Philip Larkin poem discovery discredited
- Published
A leading literary magazine that claimed to have found an unpublished poem by Philip Larkin has admitted that it was the work of a different writer.
The Times Literary Supplement (TLS) recently printed In and Out, external, which was found in one of Larkin's workbooks in Hull's History Centre.
However, it has since been identified as being by Hull poet Frank Redpath.
The TLS said it regretted the error and that the poem had been authenticated by the Larkin estate and other experts.
"We now know this poem was, in fact, written by Frank Redpath, a much less well-known Hull poet who admired and was heavily influenced by Larkin, and we regret the error," a spokeswoman for the magazine said.
Redpath contributed to a 1982 anthology of Hull poets titled A Rumoured City, to which Larkin contributed a foreword.
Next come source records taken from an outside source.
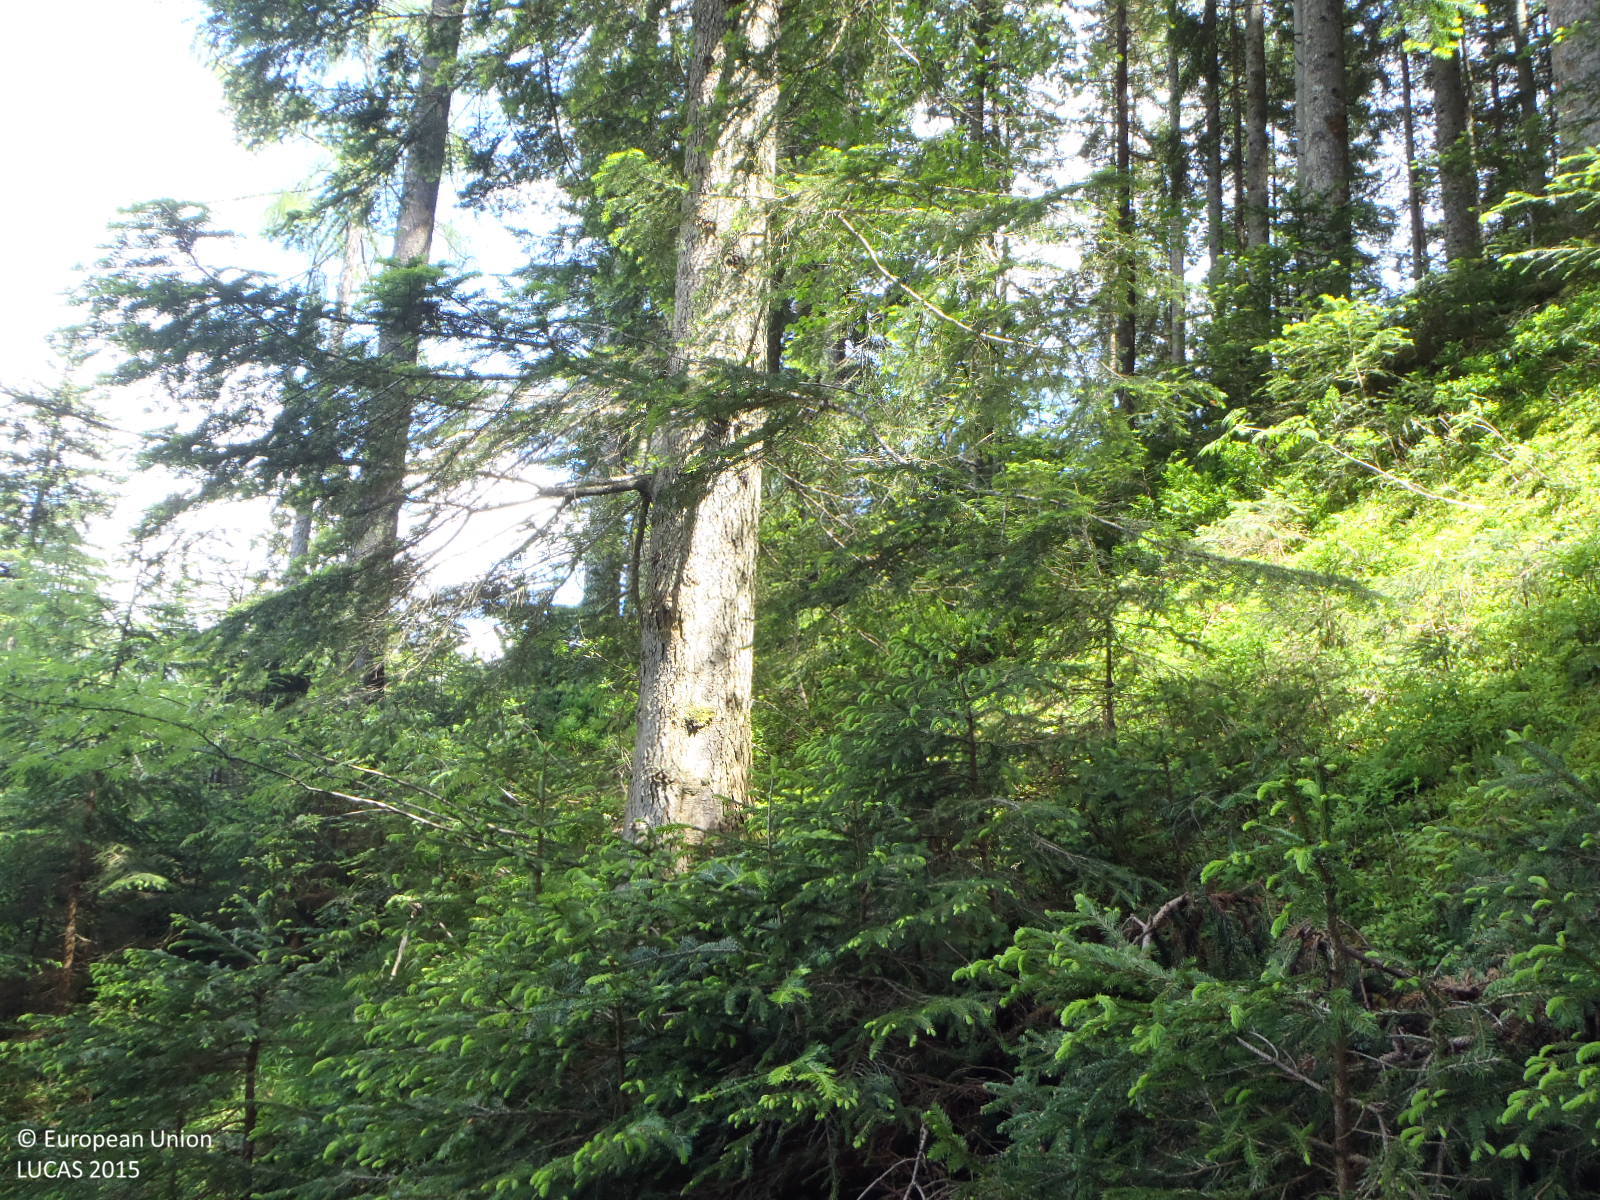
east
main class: Woodland
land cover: Other coniferous woodland
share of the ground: > 75 %
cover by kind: coniferous forest trees 75 %, broadleaved forest trees 10 %, shrubs 10 %, herbaceous plants 5 %
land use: Forestry
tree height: > 5 m
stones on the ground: < 10 %
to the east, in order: Other coniferous woodland; Rivers and streams; Tracks; Other coniferous woodland; Rivers and streams; Other coniferous woodland; Rivers and streams; Other coniferous woodland; Rivers and streams; Other coniferous woodland
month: June
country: AT
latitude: 47.4537
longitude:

Larkin's publisher Jean Hartley later recollected how Larkin told Redpath that, of those included: "Yours are the only poems in the book I would have been glad to have written."
'Perfectly Larkinesque'
In and Out made its way into Larkin's workbook in the form of two loose pages of typescript.
Earlier this month, the TLS said it had a "typeface and spacing that match many other examples of Larkin's finished poems".
The original article said: "Larkin clearly did not consider the poem worthy of publication; but nor did he destroy it entirely."
It did note that "the strangest thing about the poem is the absence of any of the usual meticulous drafts".
But it continued: "The text, however, speaks unambiguously for itself. There are striking similarities to work before and after the probable period of its composition: it not only shows where Larkin had come from, but where he was going next."
It added that the speaker was "a recognizably Larkinesque one", although it concluded that his "lingering immaturity does show through in places".
In a follow-up blog, external on Tuesday, the TLS wrote: "Contrary to what we and the Larkin scholars who inspected it believed, In and Out isn't by Larkin, after all. Yet it seemed so perfectly (too perfectly?) Larkinesque."